[Opening Records provided section]

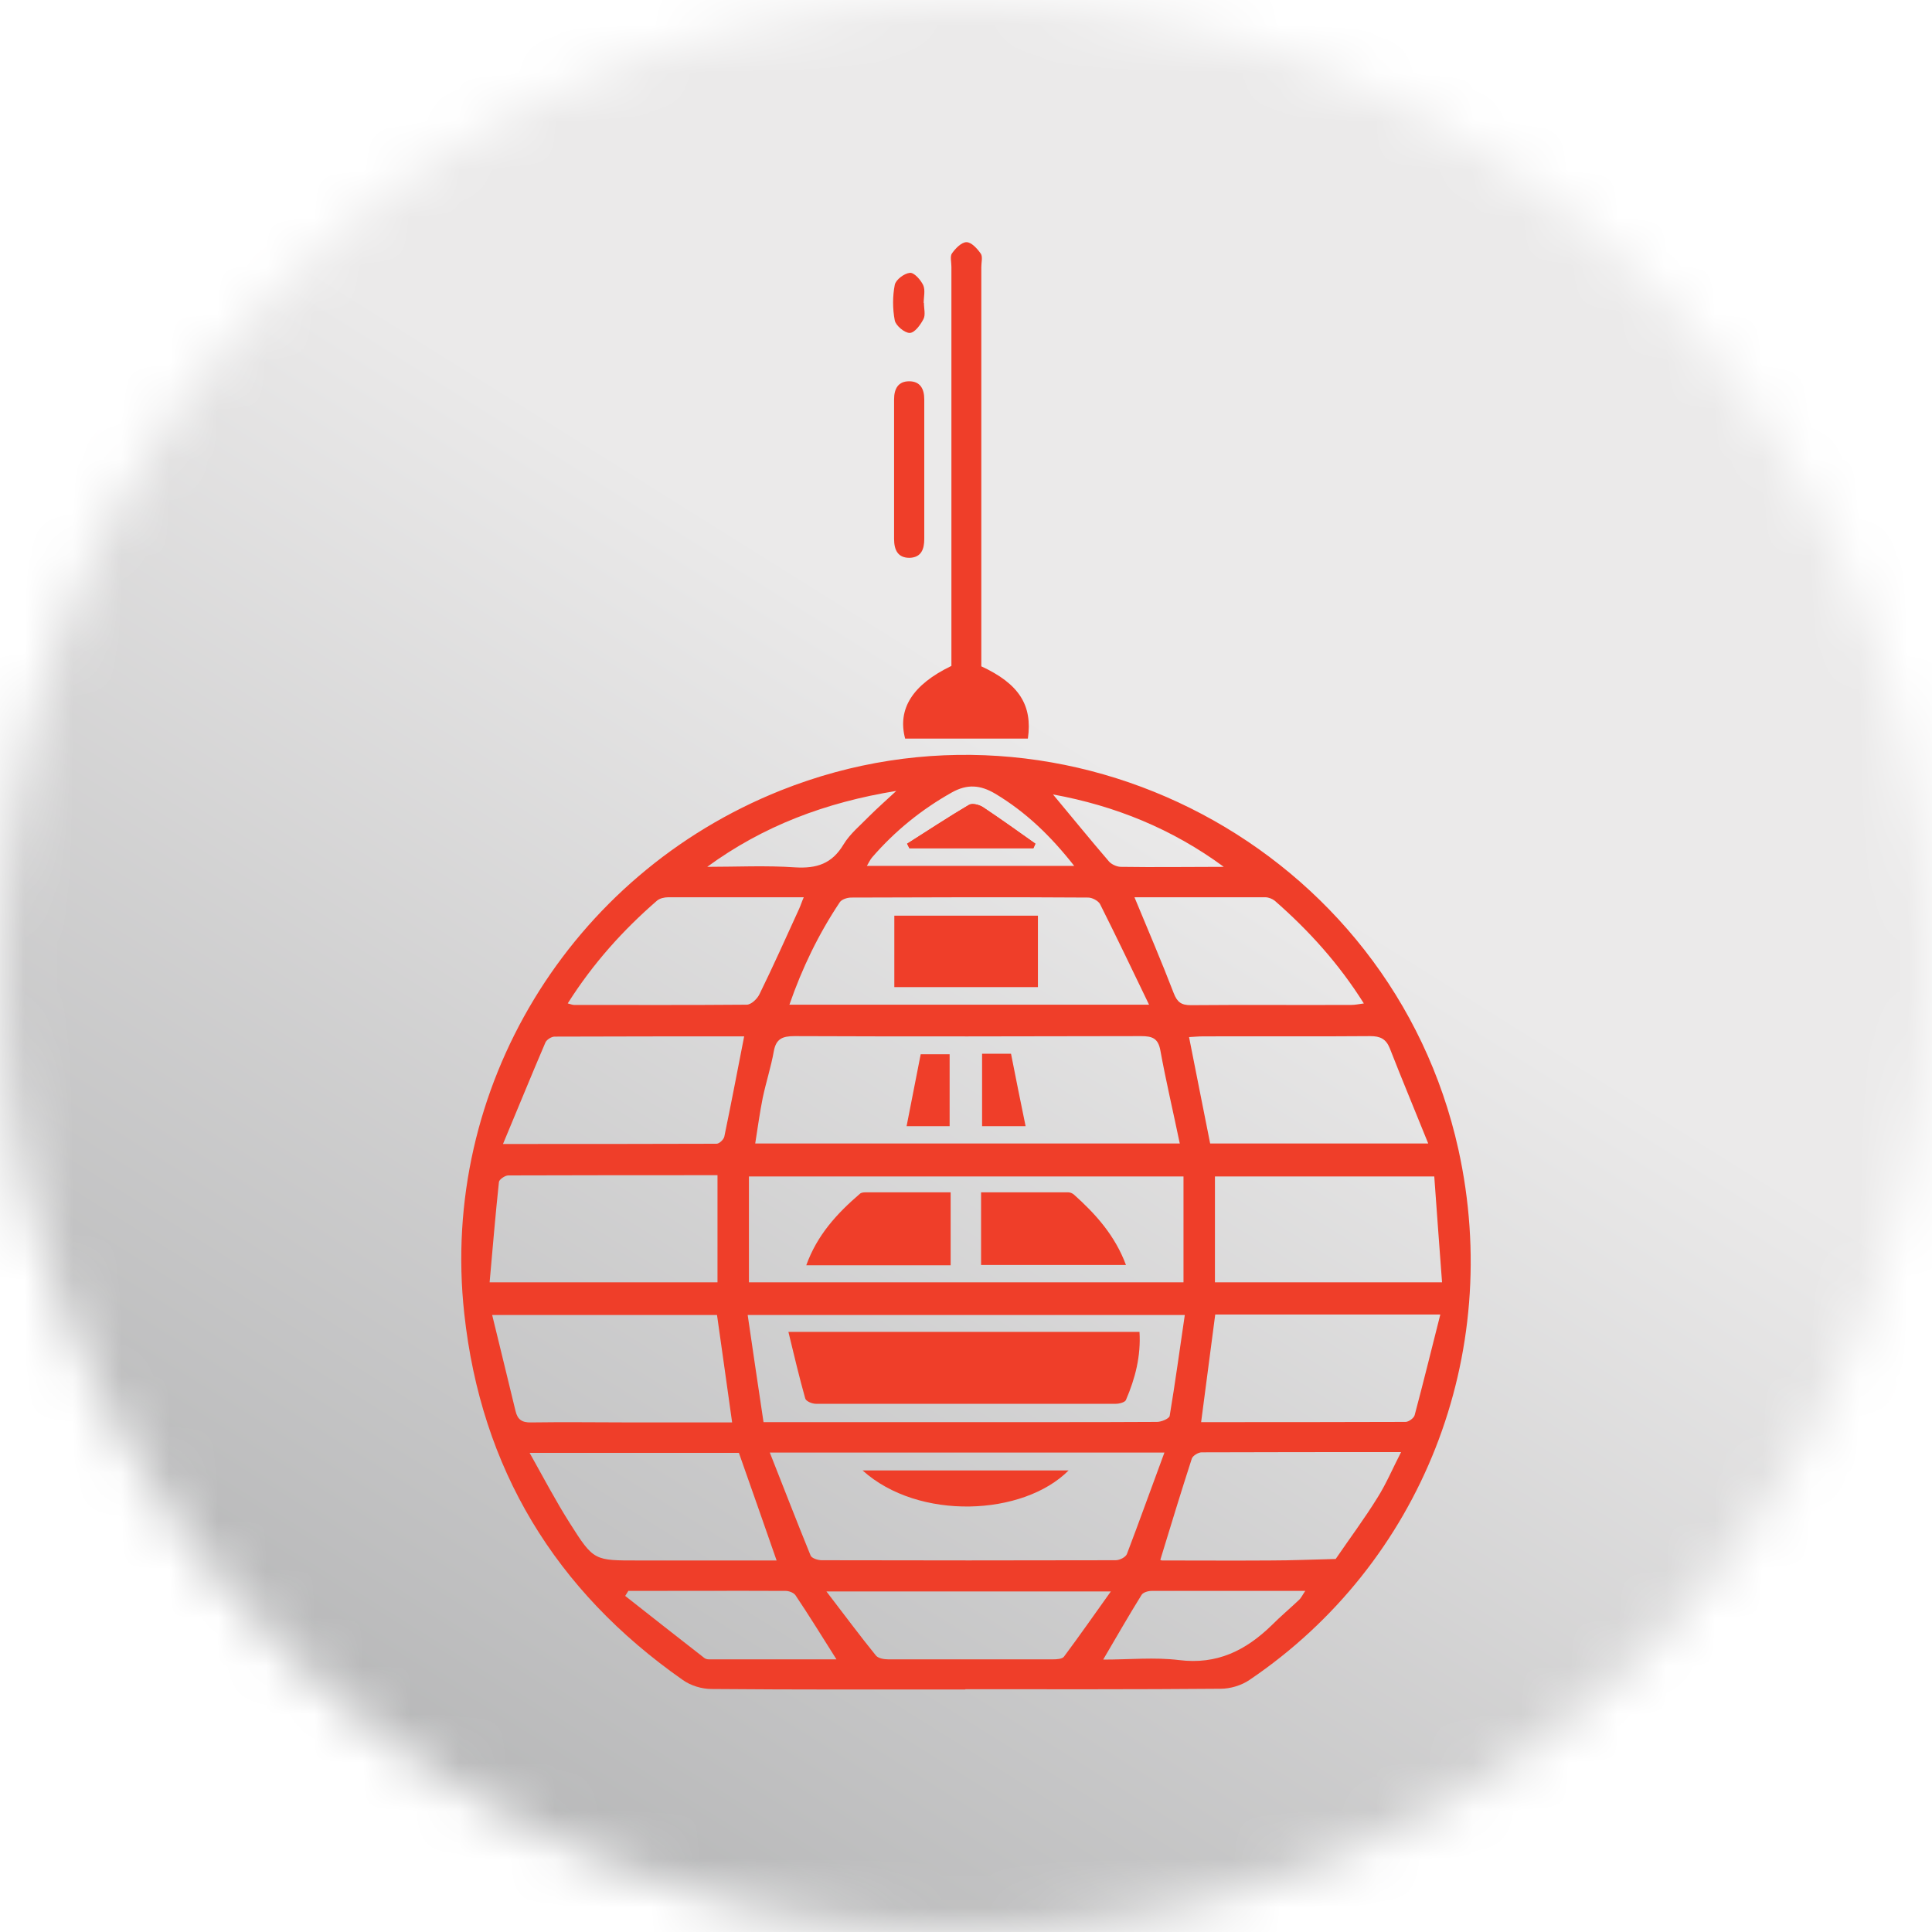 <svg width="40" height="40" viewBox="0 0 40 40" fill="none" xmlns="http://www.w3.org/2000/svg">
<g clip-path="url(#clip0_7618_678)">
<mask id="mask0_7618_678" style="mask-type:luminance" maskUnits="userSpaceOnUse" x="0" y="0" width="40" height="40">
<path d="M0 20C0 31.044 8.956 40 20 40C31.044 40 40 31.049 40 20C40 8.951 31.049 0 20 0C8.951 0 0 8.956 0 20Z" fill="white"/>
</mask>
<g mask="url(#mask0_7618_678)">
<path d="M40 0H0V40H40V0Z" fill="url(#paint0_linear_7618_678)"/>
</g>
<path d="M19.989 34.979C18.239 34.979 16.485 34.984 14.735 34.969C14.532 34.969 14.303 34.901 14.136 34.782C11.496 32.933 9.96 30.408 9.612 27.195C9.101 22.535 11.793 18.109 16.167 16.364C22.098 14 28.815 17.562 30.195 23.8C31.132 28.049 29.434 32.371 25.868 34.782C25.701 34.896 25.472 34.964 25.269 34.964C23.509 34.979 21.744 34.974 19.984 34.974L19.989 34.979ZM24.425 23.67C24.285 22.998 24.139 22.378 24.024 21.748C23.978 21.493 23.853 21.452 23.624 21.452C21.234 21.457 18.838 21.462 16.448 21.452C16.204 21.452 16.068 21.504 16.021 21.764C15.964 22.087 15.86 22.404 15.792 22.727C15.73 23.035 15.688 23.347 15.636 23.675H24.431L24.425 23.67ZM24.108 30.074H15.938C16.23 30.814 16.5 31.512 16.782 32.204C16.802 32.261 16.933 32.303 17.011 32.303C19.041 32.308 21.067 32.308 23.098 32.303C23.181 32.303 23.306 32.24 23.332 32.173C23.592 31.491 23.837 30.803 24.108 30.074ZM24.503 24.357H15.506V26.549H24.503V24.357ZM14.855 24.331C13.418 24.331 11.97 24.331 10.523 24.336C10.455 24.336 10.335 24.42 10.33 24.472C10.257 25.154 10.2 25.841 10.137 26.549H14.855V24.326V24.331ZM29.695 24.357H25.154V26.549H29.856C29.799 25.799 29.747 25.076 29.695 24.357ZM15.157 29.444C15.048 28.674 14.949 27.95 14.845 27.226H10.19C10.356 27.913 10.518 28.564 10.674 29.215C10.716 29.392 10.809 29.455 10.997 29.45C11.7 29.439 12.408 29.45 13.111 29.45H15.157V29.444ZM25.16 27.216C25.061 27.96 24.967 28.689 24.868 29.444C26.284 29.444 27.69 29.444 29.101 29.439C29.164 29.439 29.273 29.361 29.289 29.299C29.471 28.616 29.638 27.934 29.82 27.216H25.165H25.16ZM23.79 20.801C23.436 20.067 23.113 19.39 22.775 18.718C22.738 18.65 22.613 18.583 22.53 18.583C20.895 18.572 19.26 18.577 17.625 18.583C17.542 18.583 17.427 18.619 17.386 18.681C16.948 19.338 16.61 20.035 16.344 20.801H23.79ZM15.407 21.457C14.084 21.457 12.783 21.457 11.481 21.462C11.418 21.462 11.319 21.524 11.293 21.582C11.002 22.259 10.726 22.941 10.414 23.685C11.96 23.685 13.397 23.685 14.834 23.68C14.892 23.68 14.98 23.597 14.996 23.534C15.136 22.858 15.266 22.181 15.407 21.457ZM29.57 23.675C29.289 22.977 29.023 22.342 28.773 21.701C28.695 21.509 28.575 21.452 28.372 21.452C27.216 21.462 26.055 21.452 24.899 21.457C24.811 21.457 24.717 21.467 24.618 21.472C24.764 22.217 24.91 22.941 25.055 23.675H29.575H29.57ZM10.965 30.08C11.257 30.6 11.507 31.079 11.799 31.538C12.293 32.319 12.304 32.308 13.215 32.308H16.079C15.813 31.548 15.558 30.814 15.298 30.08H10.971H10.965ZM15.803 29.444H21.655C22.421 29.444 23.186 29.444 23.957 29.439C24.045 29.439 24.207 29.371 24.217 29.314C24.332 28.627 24.425 27.934 24.53 27.226H15.48C15.589 27.981 15.698 28.705 15.808 29.444H15.803ZM24.019 32.292C24.019 32.292 24.04 32.308 24.061 32.308C24.805 32.308 25.55 32.313 26.295 32.308C26.748 32.308 27.201 32.287 27.654 32.277C27.945 31.85 28.253 31.439 28.523 31.001C28.7 30.72 28.831 30.408 29.008 30.064C27.586 30.064 26.232 30.064 24.878 30.069C24.811 30.069 24.696 30.137 24.675 30.199C24.451 30.892 24.238 31.59 24.024 32.292H24.019ZM11.757 20.775C11.83 20.796 11.856 20.806 11.887 20.806C13.079 20.806 14.272 20.811 15.459 20.801C15.553 20.801 15.678 20.681 15.725 20.582C16.011 19.999 16.276 19.405 16.547 18.812C16.578 18.744 16.599 18.671 16.641 18.577C15.678 18.577 14.756 18.577 13.834 18.577C13.756 18.577 13.663 18.598 13.605 18.645C12.897 19.259 12.278 19.947 11.757 20.77V20.775ZM23.488 18.577C23.775 19.27 24.05 19.91 24.3 20.561C24.373 20.749 24.457 20.811 24.654 20.811C25.758 20.801 26.867 20.811 27.977 20.806C28.055 20.806 28.128 20.79 28.237 20.775C27.716 19.947 27.097 19.265 26.394 18.65C26.342 18.609 26.264 18.577 26.196 18.577C25.3 18.577 24.399 18.577 23.488 18.577ZM17.11 32.949C17.485 33.438 17.802 33.865 18.135 34.276C18.182 34.334 18.302 34.355 18.385 34.355C19.526 34.355 20.661 34.355 21.801 34.355C21.879 34.355 21.994 34.349 22.03 34.297C22.348 33.87 22.65 33.438 22.999 32.949H17.11ZM13.012 32.933L12.944 33.042C13.491 33.474 14.037 33.901 14.584 34.328C14.605 34.344 14.642 34.355 14.673 34.355C15.547 34.355 16.422 34.355 17.318 34.355C17.021 33.886 16.756 33.454 16.469 33.027C16.433 32.975 16.334 32.938 16.266 32.938C15.183 32.933 14.095 32.938 13.012 32.938V32.933ZM22.843 34.36C23.384 34.36 23.905 34.308 24.41 34.37C25.196 34.469 25.79 34.172 26.326 33.652C26.508 33.469 26.706 33.303 26.893 33.126C26.94 33.084 26.966 33.022 27.024 32.938C25.93 32.938 24.889 32.938 23.842 32.938C23.769 32.938 23.665 32.969 23.634 33.022C23.368 33.449 23.119 33.886 22.843 34.355V34.36ZM22.244 17.932C21.754 17.307 21.239 16.812 20.604 16.432C20.296 16.25 20.026 16.229 19.708 16.406C19.078 16.76 18.531 17.203 18.057 17.75C18.016 17.796 17.99 17.859 17.948 17.927H22.238L22.244 17.932ZM14.642 17.947C15.251 17.947 15.86 17.916 16.464 17.958C16.907 17.984 17.224 17.885 17.464 17.484C17.599 17.26 17.818 17.083 18.005 16.89C18.167 16.729 18.338 16.578 18.557 16.375C17.089 16.614 15.803 17.099 14.642 17.947ZM25.337 17.947C24.269 17.161 23.087 16.682 21.801 16.448C22.197 16.922 22.572 17.385 22.962 17.838C23.014 17.895 23.113 17.942 23.197 17.947C23.91 17.958 24.623 17.947 25.337 17.947Z" fill="#EF3E29"/>
<path d="M20.312 13.793C21.099 14.157 21.38 14.6 21.281 15.292H18.74C18.578 14.683 18.886 14.178 19.698 13.787V11.897C19.698 9.773 19.698 7.648 19.698 5.524C19.698 5.43 19.667 5.31 19.708 5.248C19.781 5.144 19.906 5.014 20.01 5.014C20.114 5.014 20.234 5.149 20.307 5.253C20.349 5.316 20.317 5.435 20.317 5.529C20.317 8.174 20.317 10.814 20.317 13.459V13.793H20.312Z" fill="#EF3E29"/>
<path d="M18.511 9.695C18.511 9.221 18.511 8.742 18.511 8.268C18.511 8.045 18.599 7.894 18.823 7.894C19.047 7.894 19.136 8.045 19.136 8.268C19.136 9.232 19.136 10.195 19.136 11.158C19.136 11.372 19.073 11.538 18.839 11.549C18.589 11.554 18.511 11.387 18.511 11.158C18.511 10.674 18.511 10.185 18.511 9.7V9.695Z" fill="#EF3E29"/>
<path d="M19.129 6.274C19.129 6.388 19.166 6.519 19.119 6.607C19.056 6.727 18.937 6.893 18.833 6.893C18.729 6.893 18.546 6.742 18.525 6.633C18.479 6.394 18.479 6.133 18.525 5.899C18.546 5.79 18.723 5.659 18.838 5.649C18.926 5.639 19.062 5.795 19.114 5.904C19.161 6.008 19.124 6.149 19.124 6.269L19.129 6.274Z" fill="#EF3E29"/>
<path d="M21.395 17.562C21.411 17.531 21.421 17.5 21.437 17.468C21.078 17.213 20.718 16.958 20.354 16.713C20.276 16.661 20.135 16.625 20.067 16.661C19.63 16.916 19.208 17.198 18.781 17.468C18.797 17.5 18.812 17.531 18.828 17.562H21.395Z" fill="#EF3E29"/>
<path d="M20.333 21.816H20.932C21.031 22.322 21.13 22.811 21.234 23.316H20.333V21.816Z" fill="#EF3E29"/>
<path d="M19.661 23.316H18.77C18.869 22.817 18.963 22.337 19.062 21.827H19.661V23.316Z" fill="#EF3E29"/>
<path d="M17.859 30.444H22.124C21.187 31.387 19.02 31.491 17.859 30.444Z" fill="#EF3E29"/>
<path d="M19.687 26.196H16.693C16.917 25.571 17.329 25.123 17.802 24.717C17.828 24.691 17.881 24.686 17.917 24.686C18.495 24.686 19.073 24.686 19.682 24.686V26.196H19.687Z" fill="#EF3E29"/>
<path d="M23.312 26.19H20.312V24.686C20.932 24.686 21.526 24.686 22.119 24.686C22.156 24.686 22.203 24.706 22.234 24.732C22.682 25.133 23.083 25.576 23.312 26.19Z" fill="#EF3E29"/>
<path d="M21.489 18.958V20.437H18.516V18.958H21.489Z" fill="#EF3E29"/>
<path d="M16.323 27.575H23.592C23.623 28.075 23.504 28.538 23.311 28.986C23.29 29.033 23.176 29.064 23.103 29.064C21.03 29.064 18.963 29.064 16.891 29.064C16.813 29.064 16.688 29.012 16.672 28.955C16.547 28.512 16.443 28.07 16.323 27.575Z" fill="#EF3E29"/>
<path d="M21.395 17.562H18.828C18.812 17.531 18.797 17.5 18.781 17.468C19.208 17.198 19.635 16.916 20.067 16.661C20.13 16.625 20.276 16.661 20.354 16.713C20.724 16.958 21.078 17.213 21.437 17.468C21.421 17.5 21.411 17.531 21.395 17.562Z" fill="#EF3E29"/>
</g>
<defs>
<linearGradient id="paint0_linear_7618_678" x1="27.644" y1="7.784" x2="-7.248" y2="63.535" gradientUnits="userSpaceOnUse">
<stop offset="0.14" stop-color="#EBEAEA"/>
<stop offset="1" stop-color="#787A7C"/>
</linearGradient>
<clipPath id="clip0_7618_678">
<rect width="40" height="40" fill="white"/>
</clipPath>
</defs>
</svg>

[Closing Records provided section]

> _What the exercise asks_: Every line above that holds the word "userSpaceOnUse" is to be found and copied.

> _Result_:
<mask id="mask0_7618_678" style="mask-type:luminance" maskUnits="userSpaceOnUse" x="0" y="0" width="40" height="40">
<linearGradient id="paint0_linear_7618_678" x1="27.644" y1="7.784" x2="-7.248" y2="63.535" gradientUnits="userSpaceOnUse">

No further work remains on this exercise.